Before we dive into setting up tests in dbt, we created custom test macros. These macros are SQL scripts that define the logic of the data tests. We defined a custom macro to test that values in certain columns (like `fare_amount` and `total_amount`) are greater than zero, which is a basic validation check for our dataset.

```sql
        {% macro test_expression_is_greater_than_zero(model, column_name) %}
        
          select count(*)
          
          from {{ model }}
          
          where {{ column_name }} <= 0
          
        {% endmacro %}
```

### Updating the schema.yml File

Next, we moved on to updating the `schema.yml` file, which is a configuration file that allows us to define various properties and tests for our dbt models. In this file, we specified the columns present in our `nyc_taxi_data` table along with the tests we wanted to run on each column. 
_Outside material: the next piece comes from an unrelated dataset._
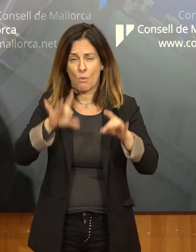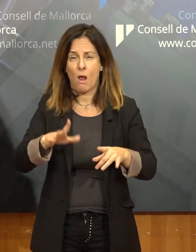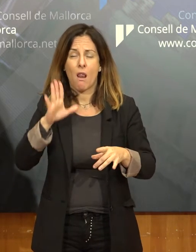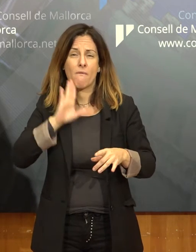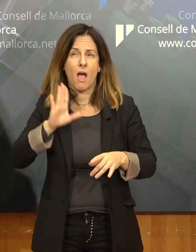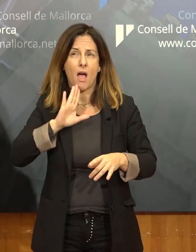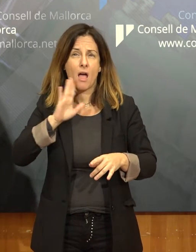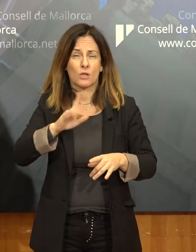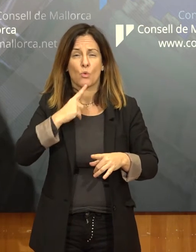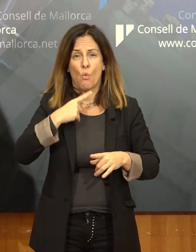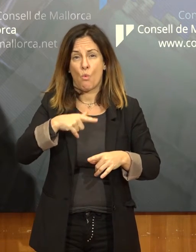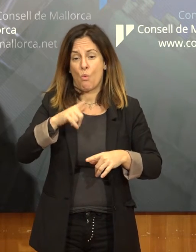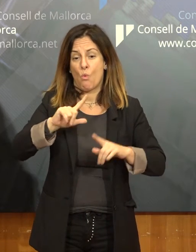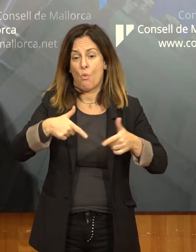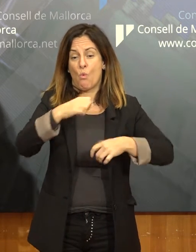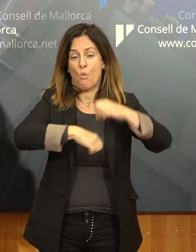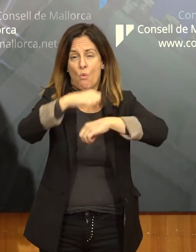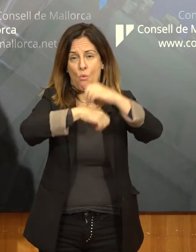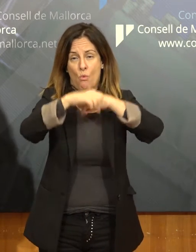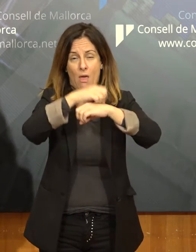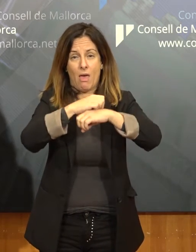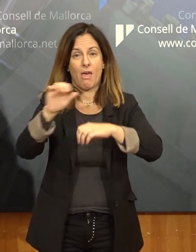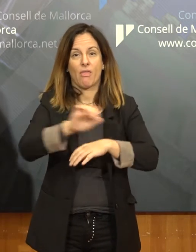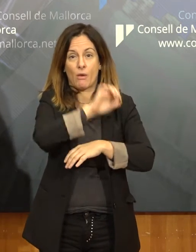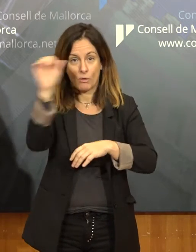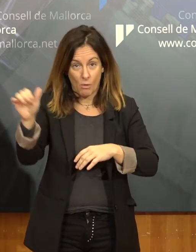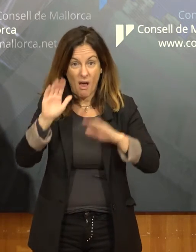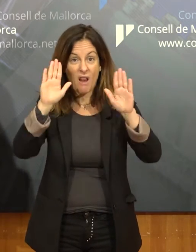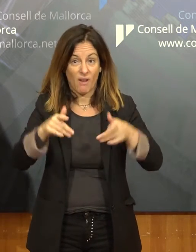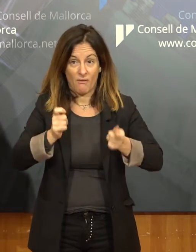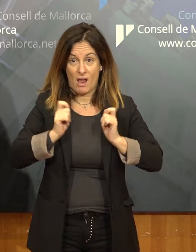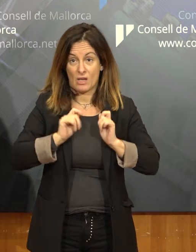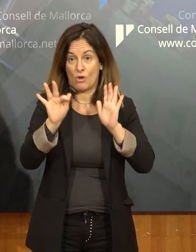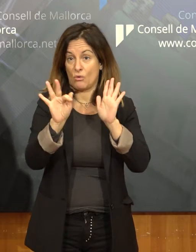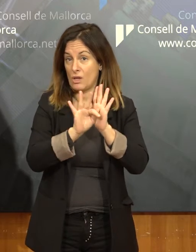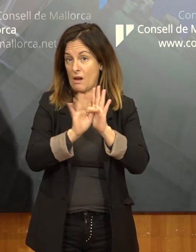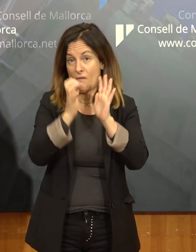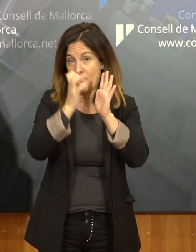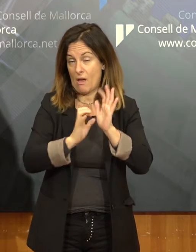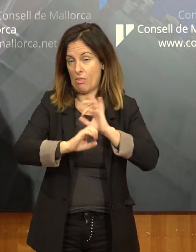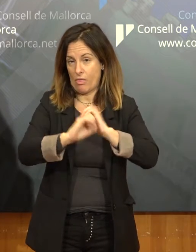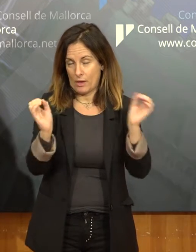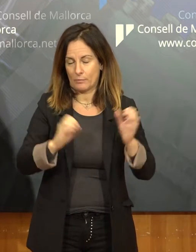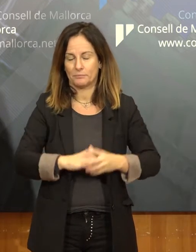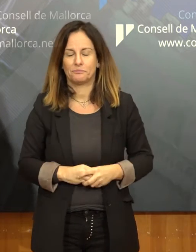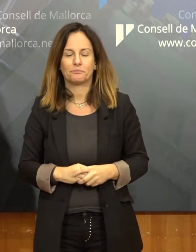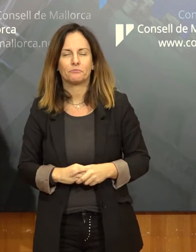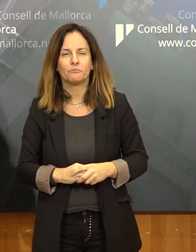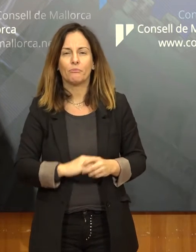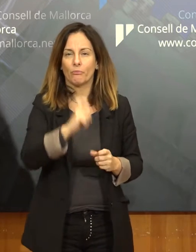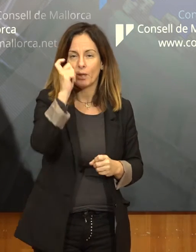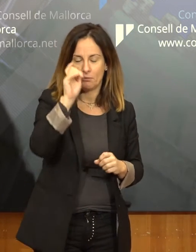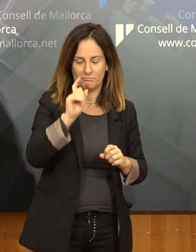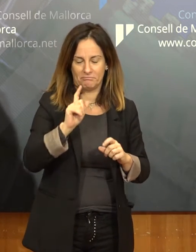tarifa és una previsió. Són previsions que van, en aquest cas, de maig de 2017 a juny. Perdona, de juny.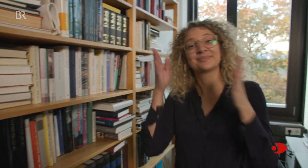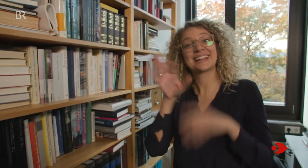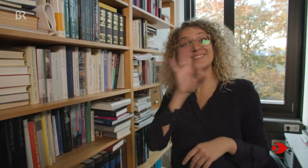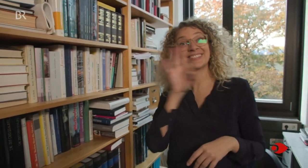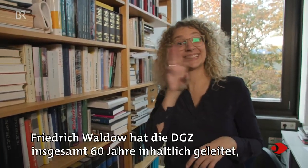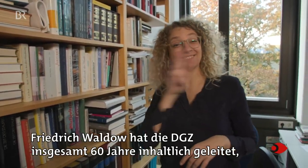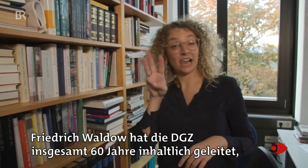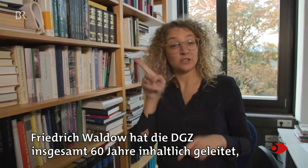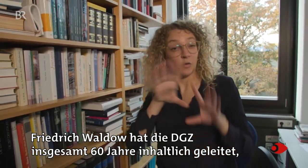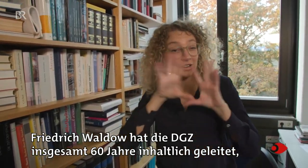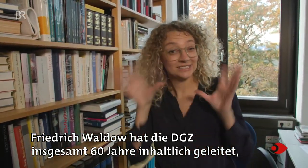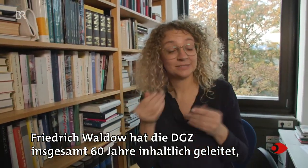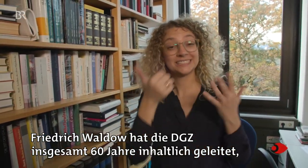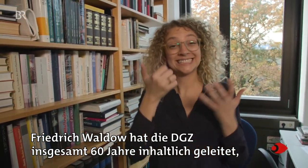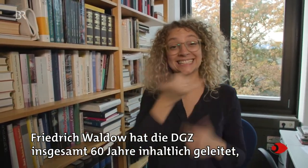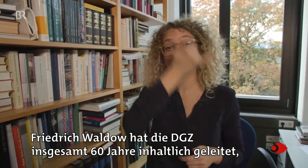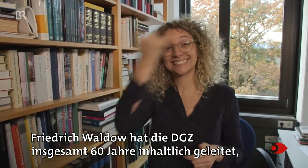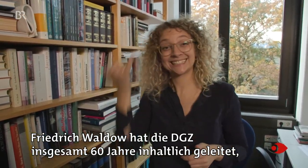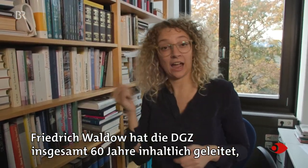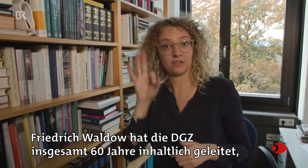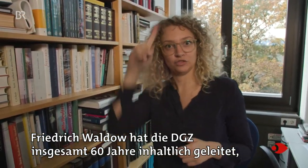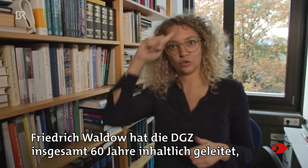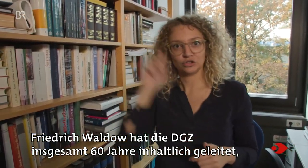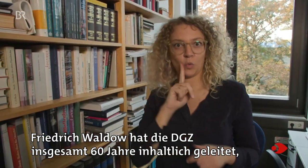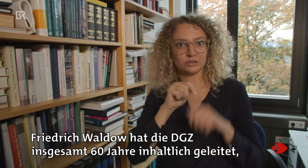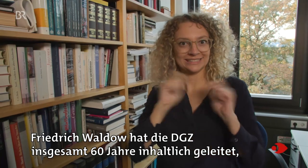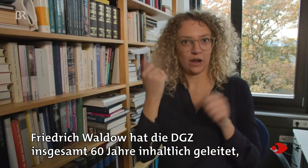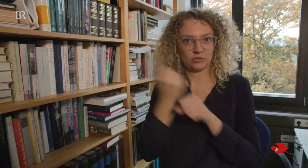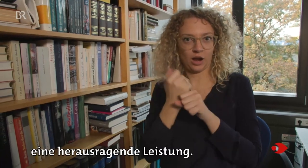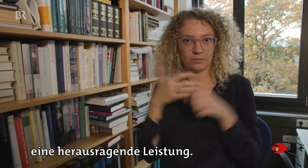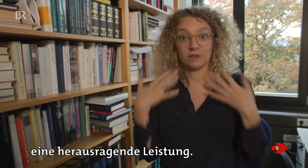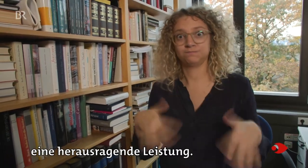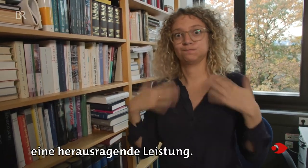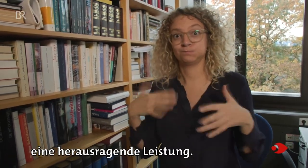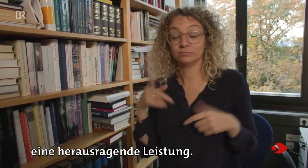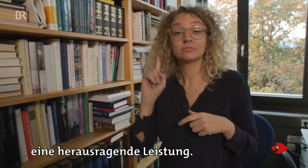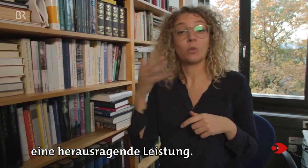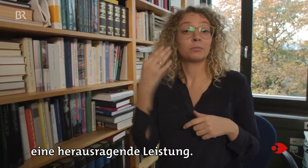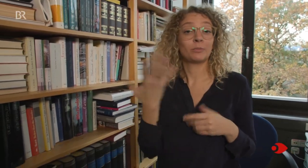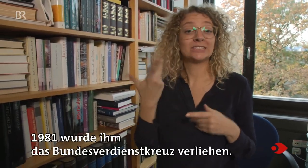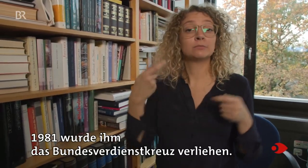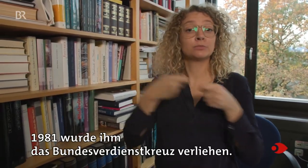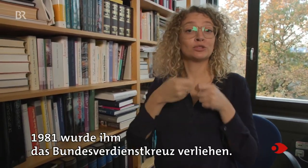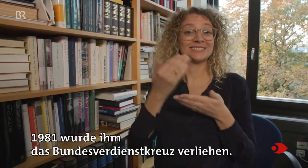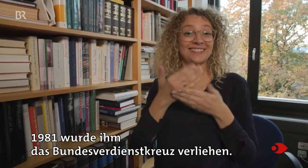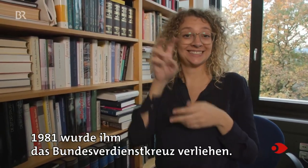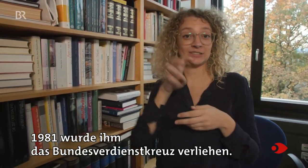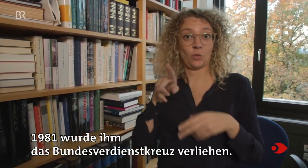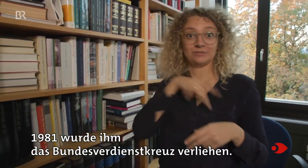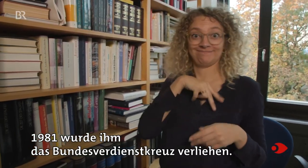Friedrich Waldo hat die DGZ insgesamt 60 Jahre inhaltlich geleitet. Eine herausragende Leistung. 1981 wurde ihm

We included various tests such as:
- `not_null`: To check that certain columns do not contain null values.
- `accepted_values`: To verify that values in a column match one of a set of accepted values.
- Custom tests: To ensure that values in columns like `fare_amount` and `total_amount` are greater than zero.

```yml
version: 2

models:
  - name: nyc_taxi_data
    description: "The raw NYC Taxi data ingested into the database"
    columns:
      - name: vendorid
        description: "The unique identifier for the vendor"
        tests:
          - not_null
      - name: tpep_pickup_datetime
        description: "The pickup datetime for the taxi trip"
        tests:
          - not_null
      - name: tpep_dropoff_datetime
        description: "The dropoff datetime for the taxi trip"
        tests:
          - not_null
      - name: passenger_count
        description: "The number of passengers in the taxi trip"
        tests:
          - not_null
          - accepted_values:
              values: [0, 1, 2, 3, 4, 5, 6, 7, 8, 9]
      - name: trip_distance
        description: "The trip distance of the taxi trip"
        tests:
          - not_null
      - name: pulocationid
        description: "The pickup location ID"
        tests:
          - not_null
      - name: dolocationid
        description: "The dropoff location ID"
        tests:
          - not_null
      - name: fare_amount
        description: "The fare amount for the taxi trip"
        tests:
          - not_null
          - expression_is_greater_than_zero
      - name: total_amount
        description: "The total amount for the taxi trip"
        tests:
          - not_null
          - expression_is_greater_than_zero
```

### Running the Tests

After setting up the `schema.yml` file, we ran the dbt tests using the command `dbt test`. This command checks the data in the database against the tests defined in the `schema.yml` file and returns the results.

### Test Results

The test results indicated that there were records in the dataset where the `total_amount` and `fare_amount` were less than or equal to zero. These tests help in identifying potential data quality issues, which can then be addressed to maintain the reliability and accuracy of the dataset.

### Conclusion

Setting up data quality tests using dbt is a vital step in building a reliable data pipeline. These tests help in identifying and rectifying data issues early in the data pipeline, ensuring that only high-quality data is used in further analysis and reporting.

In the next steps, we would look into rectifying the identified data quality issues and potentially setting up more complex data tests to further ensure the reliability of our dataset.